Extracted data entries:
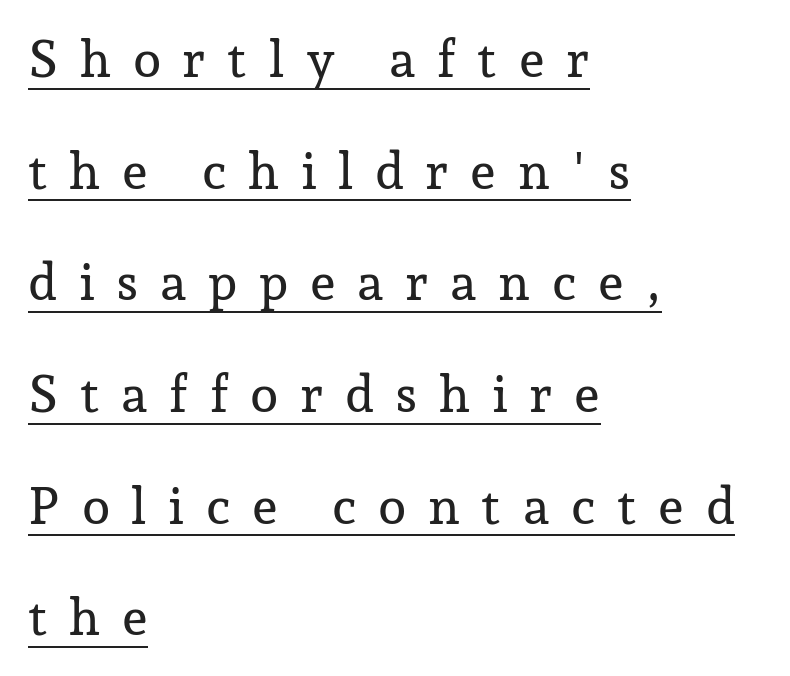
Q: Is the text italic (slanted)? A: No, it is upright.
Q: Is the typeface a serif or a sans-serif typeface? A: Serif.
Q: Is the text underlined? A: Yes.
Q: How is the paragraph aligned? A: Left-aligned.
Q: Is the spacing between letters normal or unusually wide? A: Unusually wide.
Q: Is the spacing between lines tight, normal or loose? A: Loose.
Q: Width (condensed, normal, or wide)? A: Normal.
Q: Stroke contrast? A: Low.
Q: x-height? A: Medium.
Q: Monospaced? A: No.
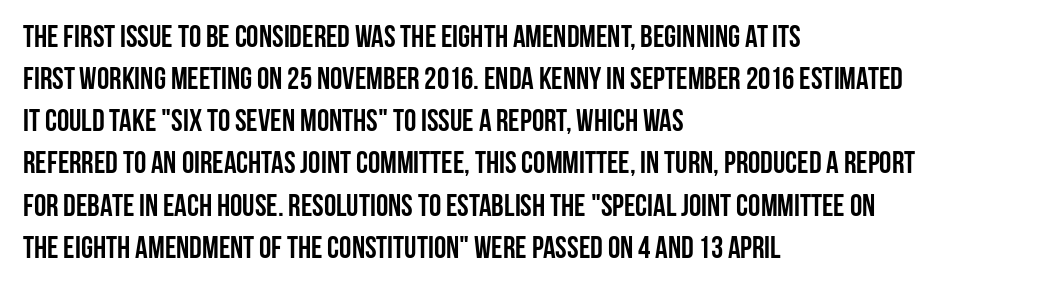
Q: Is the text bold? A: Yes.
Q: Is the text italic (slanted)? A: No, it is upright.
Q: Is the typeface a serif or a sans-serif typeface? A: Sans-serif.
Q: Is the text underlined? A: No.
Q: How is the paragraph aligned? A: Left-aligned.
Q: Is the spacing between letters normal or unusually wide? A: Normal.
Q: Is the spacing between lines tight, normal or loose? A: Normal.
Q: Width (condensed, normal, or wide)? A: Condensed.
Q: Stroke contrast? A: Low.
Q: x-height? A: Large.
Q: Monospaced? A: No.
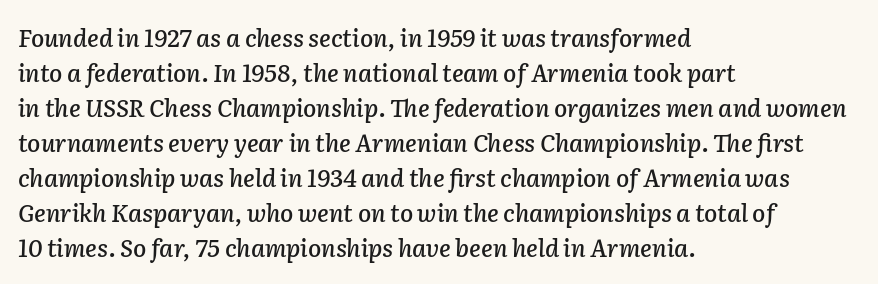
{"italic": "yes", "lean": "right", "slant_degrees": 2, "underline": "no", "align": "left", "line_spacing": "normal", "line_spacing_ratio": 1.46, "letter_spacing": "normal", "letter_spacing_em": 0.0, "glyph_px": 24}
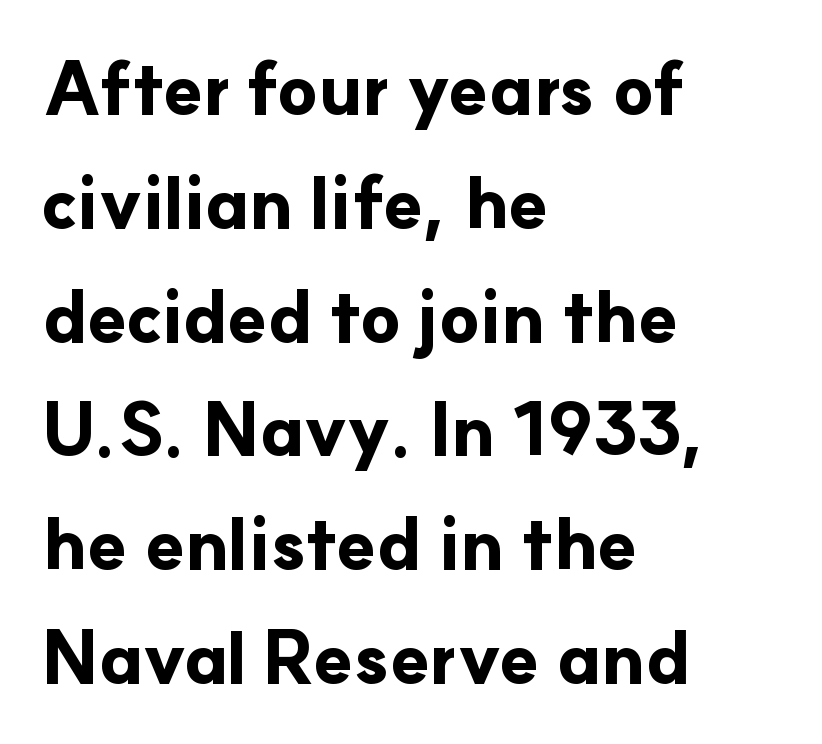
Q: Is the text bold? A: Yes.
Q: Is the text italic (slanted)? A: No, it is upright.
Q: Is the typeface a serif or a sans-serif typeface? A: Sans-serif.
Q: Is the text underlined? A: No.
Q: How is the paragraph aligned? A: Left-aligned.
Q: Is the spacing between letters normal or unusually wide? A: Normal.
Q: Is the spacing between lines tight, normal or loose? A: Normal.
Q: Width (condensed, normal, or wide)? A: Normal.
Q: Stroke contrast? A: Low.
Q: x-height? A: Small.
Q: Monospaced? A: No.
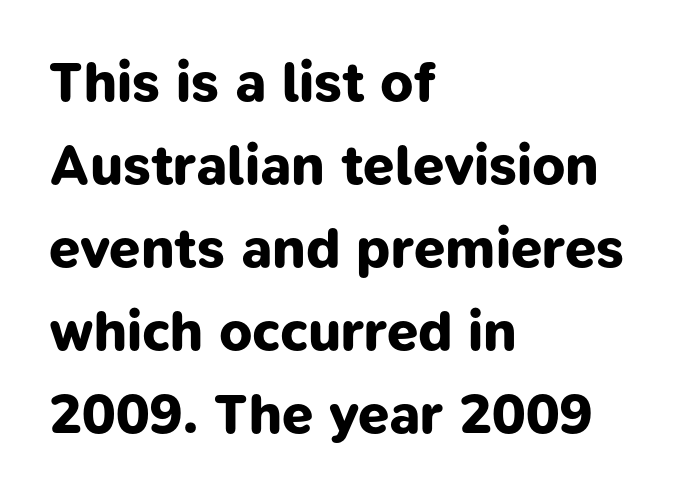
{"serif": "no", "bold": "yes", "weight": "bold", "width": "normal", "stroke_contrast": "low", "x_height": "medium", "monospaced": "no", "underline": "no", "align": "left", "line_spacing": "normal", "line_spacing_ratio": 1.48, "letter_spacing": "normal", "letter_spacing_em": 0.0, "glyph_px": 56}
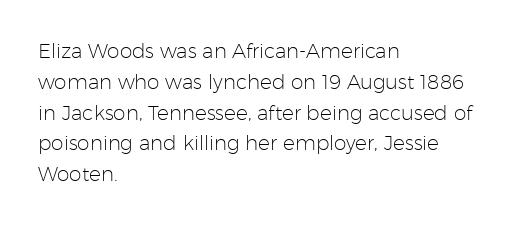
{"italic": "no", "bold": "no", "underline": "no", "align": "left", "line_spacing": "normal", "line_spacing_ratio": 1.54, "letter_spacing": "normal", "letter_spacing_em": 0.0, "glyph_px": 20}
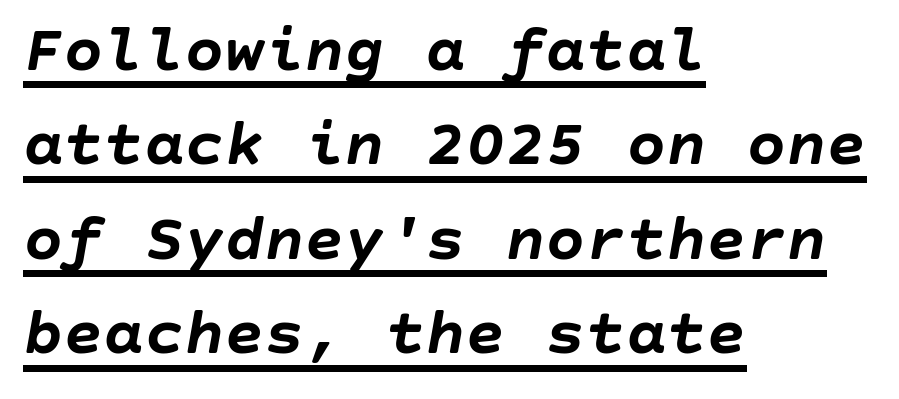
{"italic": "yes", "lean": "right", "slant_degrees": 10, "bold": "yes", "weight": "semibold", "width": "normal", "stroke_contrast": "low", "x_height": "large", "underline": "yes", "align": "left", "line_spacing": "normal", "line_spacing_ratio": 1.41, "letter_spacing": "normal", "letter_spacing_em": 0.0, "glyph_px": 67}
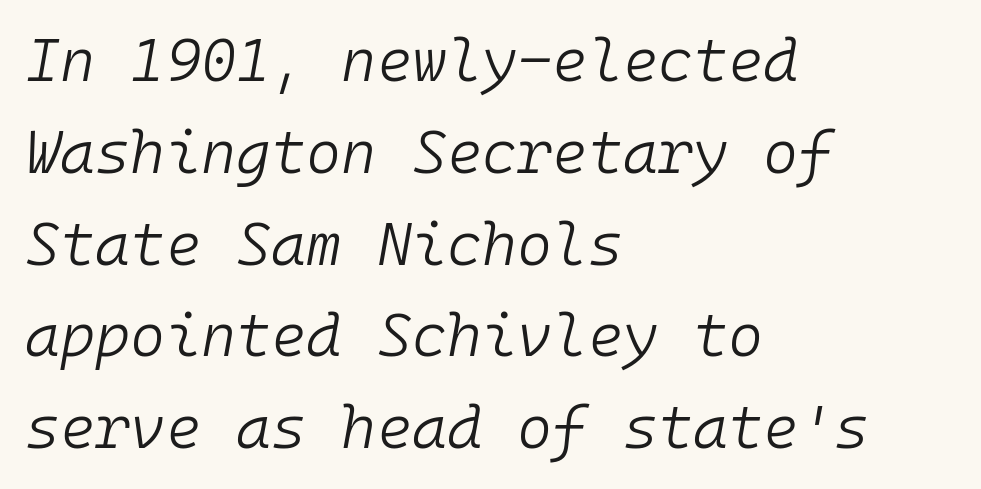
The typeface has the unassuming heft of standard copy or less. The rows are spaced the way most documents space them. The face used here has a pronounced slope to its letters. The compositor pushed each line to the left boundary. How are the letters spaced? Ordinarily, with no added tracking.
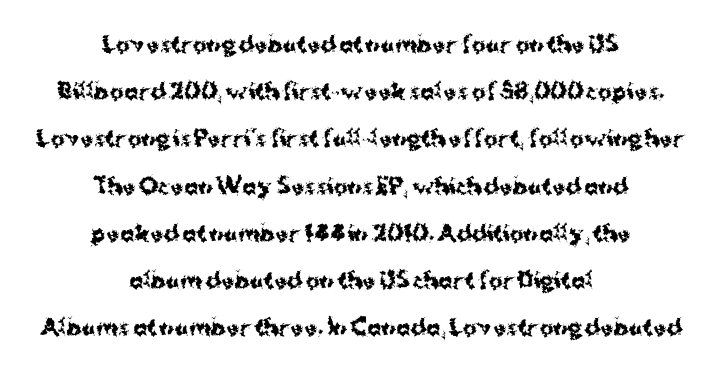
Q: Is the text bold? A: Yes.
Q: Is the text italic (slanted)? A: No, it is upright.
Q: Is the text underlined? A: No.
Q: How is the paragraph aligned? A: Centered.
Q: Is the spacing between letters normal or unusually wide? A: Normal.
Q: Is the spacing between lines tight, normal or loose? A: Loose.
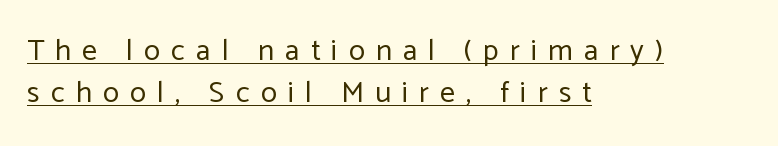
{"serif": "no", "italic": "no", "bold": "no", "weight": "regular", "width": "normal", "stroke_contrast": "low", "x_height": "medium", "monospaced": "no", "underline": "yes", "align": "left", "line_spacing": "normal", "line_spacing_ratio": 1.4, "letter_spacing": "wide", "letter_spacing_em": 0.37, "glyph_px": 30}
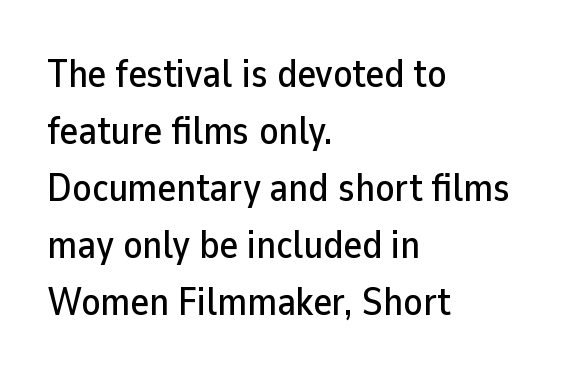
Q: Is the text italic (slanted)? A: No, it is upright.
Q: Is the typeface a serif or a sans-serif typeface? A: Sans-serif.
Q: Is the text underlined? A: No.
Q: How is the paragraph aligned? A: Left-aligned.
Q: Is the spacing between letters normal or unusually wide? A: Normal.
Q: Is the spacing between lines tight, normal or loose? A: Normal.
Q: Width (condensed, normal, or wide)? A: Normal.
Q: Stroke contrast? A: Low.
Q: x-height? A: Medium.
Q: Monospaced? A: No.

Exercise directions »
Leave the images behind and write out every entry exactly.

Solution to this task »
Q: Is the text italic (slanted)? A: No, it is upright.
Q: Is the typeface a serif or a sans-serif typeface? A: Serif.
Q: Is the text underlined? A: Yes.
Q: How is the paragraph aligned? A: Left-aligned.
Q: Is the spacing between letters normal or unusually wide? A: Unusually wide.
Q: Is the spacing between lines tight, normal or loose? A: Loose.
Q: Width (condensed, normal, or wide)? A: Normal.
Q: Stroke contrast? A: Low.
Q: x-height? A: Medium.
Q: Monospaced? A: No.
Q: Is the text bold? A: Yes.
Q: Is the text italic (slanted)? A: No, it is upright.
Q: Is the typeface a serif or a sans-serif typeface? A: Sans-serif.
Q: Is the text underlined? A: No.
Q: How is the paragraph aligned? A: Left-aligned.
Q: Is the spacing between letters normal or unusually wide? A: Normal.
Q: Is the spacing between lines tight, normal or loose? A: Normal.
Q: Width (condensed, normal, or wide)? A: Condensed.
Q: Stroke contrast? A: Low.
Q: x-height? A: Large.
Q: Monospaced? A: No.
{"italic": "yes", "lean": "right", "slant_degrees": 2, "underline": "no", "align": "left", "line_spacing": "normal", "line_spacing_ratio": 1.46, "letter_spacing": "normal", "letter_spacing_em": 0.0, "glyph_px": 24}
Q: Is the text bold? A: Yes.
Q: Is the text italic (slanted)? A: No, it is upright.
Q: Is the typeface a serif or a sans-serif typeface? A: Sans-serif.
Q: Is the text underlined? A: No.
Q: How is the paragraph aligned? A: Left-aligned.
Q: Is the spacing between letters normal or unusually wide? A: Normal.
Q: Is the spacing between lines tight, normal or loose? A: Normal.
Q: Width (condensed, normal, or wide)? A: Normal.
Q: Stroke contrast? A: Low.
Q: x-height? A: Small.
Q: Monospaced? A: No.
{"serif": "no", "bold": "yes", "weight": "bold", "width": "normal", "stroke_contrast": "low", "x_height": "medium", "monospaced": "no", "underline": "no", "align": "left", "line_spacing": "normal", "line_spacing_ratio": 1.48, "letter_spacing": "normal", "letter_spacing_em": 0.0, "glyph_px": 56}
{"italic": "no", "bold": "no", "underline": "no", "align": "left", "line_spacing": "normal", "line_spacing_ratio": 1.54, "letter_spacing": "normal", "letter_spacing_em": 0.0, "glyph_px": 20}
{"italic": "yes", "lean": "right", "slant_degrees": 10, "bold": "yes", "weight": "semibold", "width": "normal", "stroke_contrast": "low", "x_height": "large", "underline": "yes", "align": "left", "line_spacing": "normal", "line_spacing_ratio": 1.41, "letter_spacing": "normal", "letter_spacing_em": 0.0, "glyph_px": 67}
The typeface has the unassuming heft of standard copy or less. The rows are spaced the way most documents space them. The face used here has a pronounced slope to its letters. The compositor pushed each line to the left boundary. How are the letters spaced? Ordinarily, with no added tracking.
Q: Is the text bold? A: Yes.
Q: Is the text italic (slanted)? A: No, it is upright.
Q: Is the text underlined? A: No.
Q: How is the paragraph aligned? A: Centered.
Q: Is the spacing between letters normal or unusually wide? A: Normal.
Q: Is the spacing between lines tight, normal or loose? A: Loose.
{"serif": "no", "italic": "no", "bold": "no", "weight": "regular", "width": "normal", "stroke_contrast": "low", "x_height": "medium", "monospaced": "no", "underline": "yes", "align": "left", "line_spacing": "normal", "line_spacing_ratio": 1.4, "letter_spacing": "wide", "letter_spacing_em": 0.37, "glyph_px": 30}
Q: Is the text italic (slanted)? A: No, it is upright.
Q: Is the typeface a serif or a sans-serif typeface? A: Sans-serif.
Q: Is the text underlined? A: No.
Q: How is the paragraph aligned? A: Left-aligned.
Q: Is the spacing between letters normal or unusually wide? A: Normal.
Q: Is the spacing between lines tight, normal or loose? A: Normal.
Q: Width (condensed, normal, or wide)? A: Normal.
Q: Stroke contrast? A: Low.
Q: x-height? A: Medium.
Q: Monospaced? A: No.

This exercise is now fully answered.